2. The method of claim 1, wherein the subject has age-related macular degeneration (AMD) or is at risk for developing AMD.

3. The method of claim 2, wherein the AMD is atrophic AMD, optionally wherein the atrophic AMD includes geographic atrophy.

4. The method of claim 2, wherein the AMD is wet AMD.

5. The method of claim 1, wherein the subject has Stargardt's macular retinal degeneration or is at risk for developing Stargardt's macular retinal degeneration.

6. The method of claim 1, wherein the subject has a neurodegenerative disease or is at risk for developing a neurodegenerative disease.

7. The method of claim 6, wherein the neurodegenerative disease is Alzheimer's disease or Parkinson's disease.

8. The method of claim 1, wherein the subject has diabetic retinopathy (DR) or is at risk for developing DR.

9. A method of preventing and/or treating age-related macular degeneration (AMD), Stargardt's macular retinal degeneration, neurodegenerative disease, or diabetic retinopathy in a subject comprising administering (i) a nucleic acid encoding a polypeptide comprising a constitutively active form of transcription factor EB (TFEB) or (ii) the polypeptide to the subject.
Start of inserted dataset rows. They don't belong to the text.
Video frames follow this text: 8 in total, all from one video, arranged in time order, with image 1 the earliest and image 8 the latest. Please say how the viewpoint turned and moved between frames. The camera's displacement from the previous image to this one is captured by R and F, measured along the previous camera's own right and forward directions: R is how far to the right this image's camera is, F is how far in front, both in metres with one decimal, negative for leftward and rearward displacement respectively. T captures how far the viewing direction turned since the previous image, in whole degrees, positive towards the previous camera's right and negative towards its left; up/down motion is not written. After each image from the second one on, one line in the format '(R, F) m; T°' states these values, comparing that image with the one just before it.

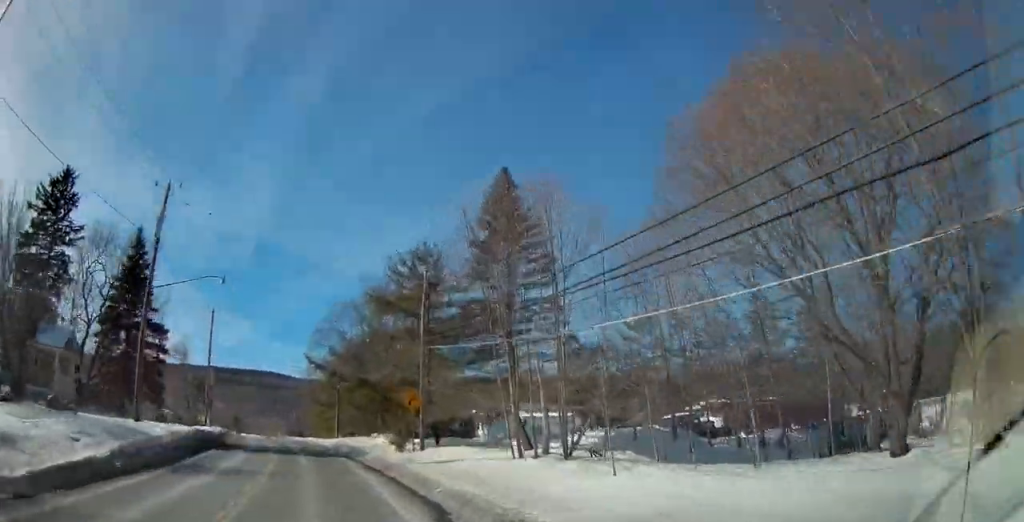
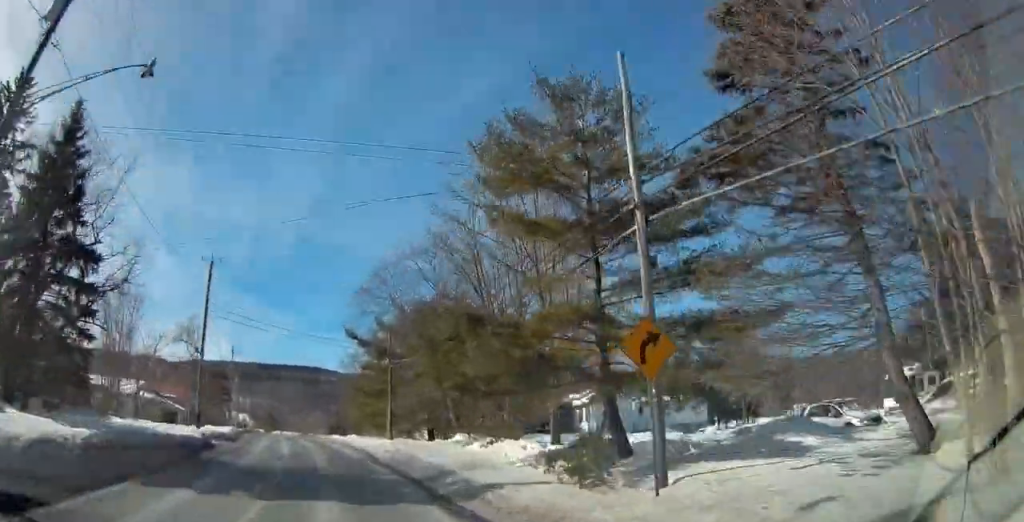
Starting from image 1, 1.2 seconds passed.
(-0.7, +17.5) m; -4°
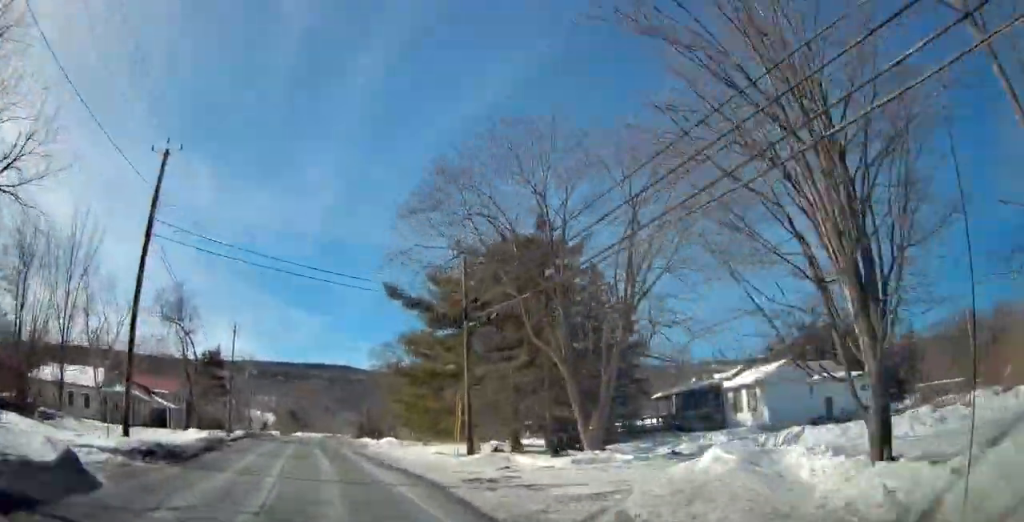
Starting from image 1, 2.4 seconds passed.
(-0.3, +17.5) m; -3°
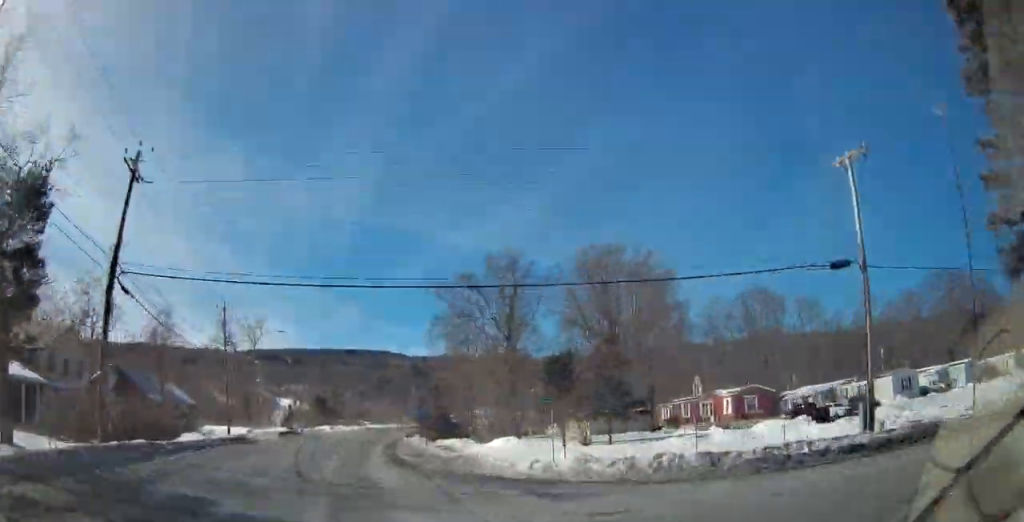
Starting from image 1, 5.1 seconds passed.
(-2.0, +38.1) m; -4°
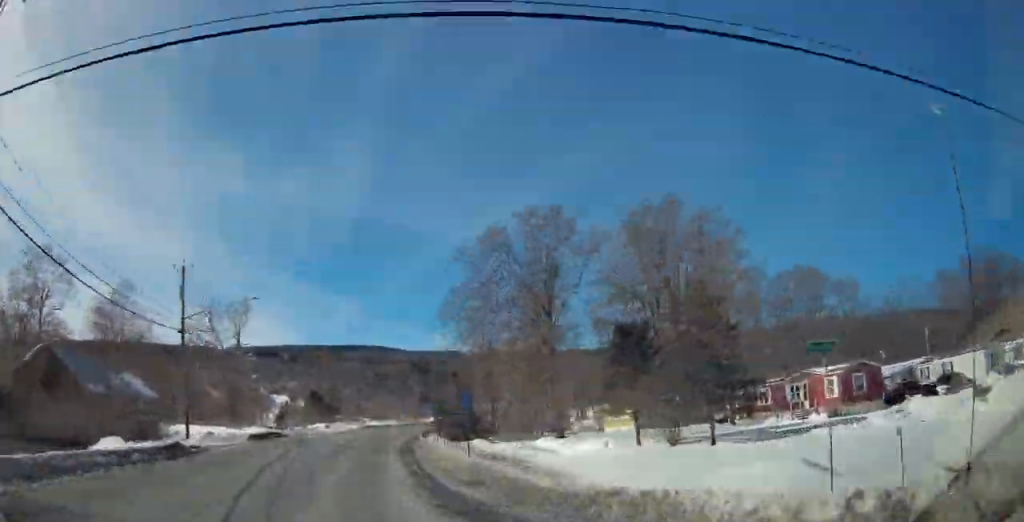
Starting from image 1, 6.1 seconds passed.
(-0.3, +12.3) m; 0°
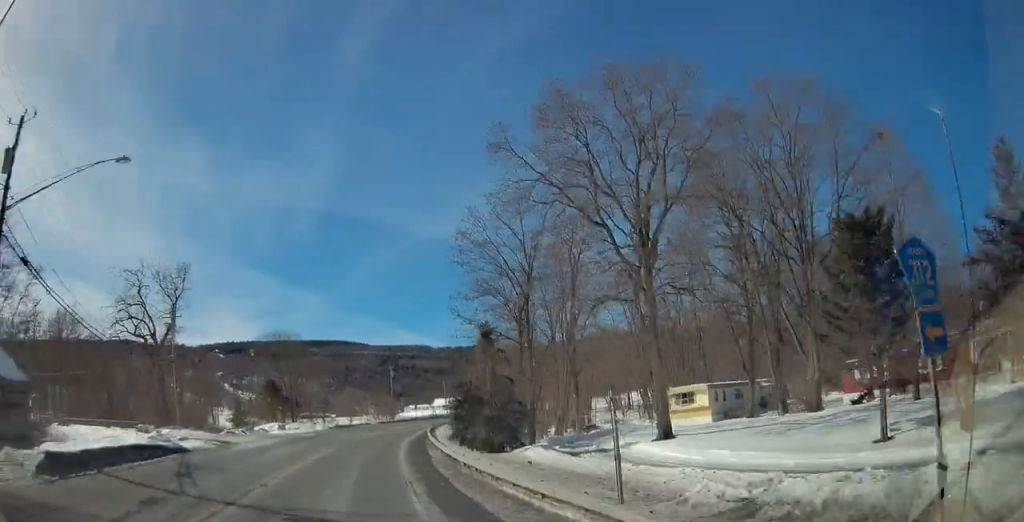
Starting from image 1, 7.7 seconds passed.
(+0.4, +19.6) m; +2°
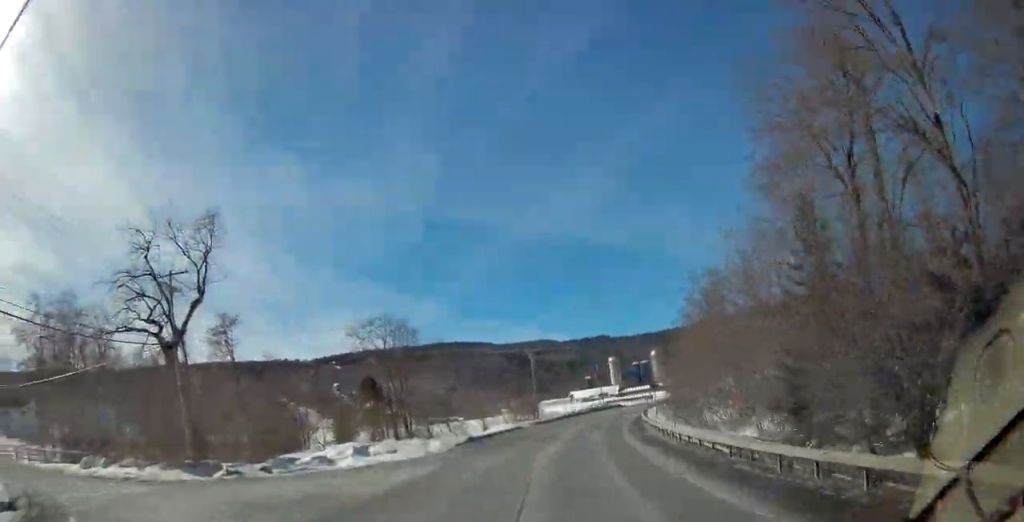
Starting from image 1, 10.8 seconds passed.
(-0.9, +29.7) m; -18°
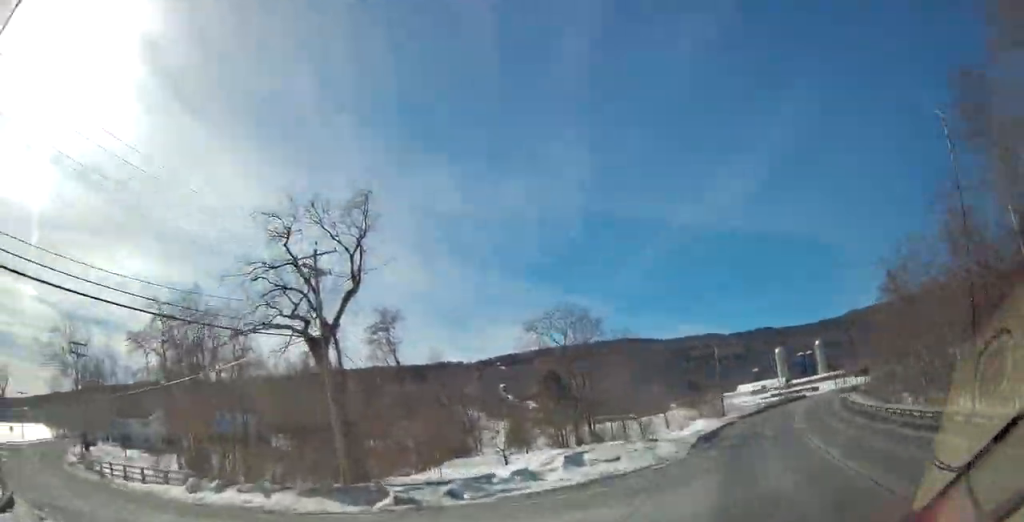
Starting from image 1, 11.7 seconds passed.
(-1.2, +7.8) m; -15°

10. The method of claim 9, wherein the AMD is atrophic AMD, optionally wherein the atrophic AMD includes geographic atrophy.

11. The method of claim 9, wherein the AMD is wet AMD.
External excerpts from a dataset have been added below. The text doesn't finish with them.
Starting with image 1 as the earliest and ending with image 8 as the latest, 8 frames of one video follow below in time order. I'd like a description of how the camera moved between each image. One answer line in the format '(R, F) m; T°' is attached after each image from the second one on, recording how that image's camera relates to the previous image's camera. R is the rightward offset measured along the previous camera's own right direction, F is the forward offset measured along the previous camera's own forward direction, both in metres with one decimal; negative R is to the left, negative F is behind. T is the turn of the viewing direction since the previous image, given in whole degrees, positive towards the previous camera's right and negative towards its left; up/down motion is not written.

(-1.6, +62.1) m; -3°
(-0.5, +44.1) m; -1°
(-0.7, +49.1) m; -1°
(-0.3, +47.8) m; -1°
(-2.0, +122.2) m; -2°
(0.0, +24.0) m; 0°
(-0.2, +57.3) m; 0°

12. The method of claim 9, wherein the neurodegenerative disease is Alzheimer's disease or Parkinson's disease.

13. The method of claim 1, wherein the nucleic acid further comprises a hVMD2 promoter.

14. The method of claim 1, wherein the nucleic acid is comprised in a vector.

15. The method of claim 14, wherein the vector is an adeno-associated viral (AAV) vector.

16. The method of claim 15, wherein the AAV vector is AAV2.

17. The method of claim 1, wherein the polypeptide comprises the amino acid sequence of SEQ ID NO: 1 except that the serine at one or more of positions 138, 142, 211, 455, 462, 463, 466, 467, and 469 of SEQ ID NO: 1 is, independently, substituted with another amino acid.

18. The method of claim 17, wherein: (a) the serine at position 138 of SEQ ID NO: 1 is substituted with an alanine;(b) the serine at position 142 of SEQ ID NO: 1 is substituted with an alanine;(c) the serine at position 211 of SEQ ID NO: 1 is substituted with an alanine;(d) the serine at position 455 of SEQ ID NO: 1 is substituted with an alanine;(e) the serine at position 462 of SEQ ID NO: 1 is substituted with an aspartic acid;(f) the serine at position 463 of SEQ ID NO: 1 is substituted with an aspartic acid;(g) the serine at position 466 of SEQ ID NO: 1 is substituted with an aspartic acid;(h) the serine at position 467 of SEQ ID NO: 1 is substituted with an alanine; and/or(i) the serine at position 469 of SEQ ID NO: 1 is substituted with an aspartic acid.

19-26. (canceled)

27. The method of claim 1, wherein the subject is a human.

28. The method of claim 1, wherein the nucleic acid, the polypeptide, or a vector comprising the nucleic acid is administered by subretinal injection, intravitreal injection, or topical administration.

29. A polypeptide comprising the amino acid sequence of SEQ ID NO: 1, except that: (a) the serine at each one of positions 138, 142, and 211 of SEQ ID NO: 1 is respectively substituted with an alanine;(b) the serine at position 455 of SEQ ID NO: 1 is substituted with an alanine and, optionally, the serine at position 211 of SEQ ID NO: 1 is substituted with an alanine; or(c) the serine at each one of positions 462, 463, 466, and 469 of SEQ ID NO: 1 is respectively substituted with an aspartic acid and the serine at position 467 of SEQ ID NO: 1 is substituted with an alanine.

30-31. (canceled)

32. A nucleic acid encoding the polypeptide of claim 29 or a vector comprising the nucleic acid.

33. (canceled)

34. A pharmaceutical composition comprising (a) a pharmaceutically-acceptable carrier and (b) the polypeptide of claim 29, a nucleic acid encoding the polypeptide, or a vector comprising the nucleic acid.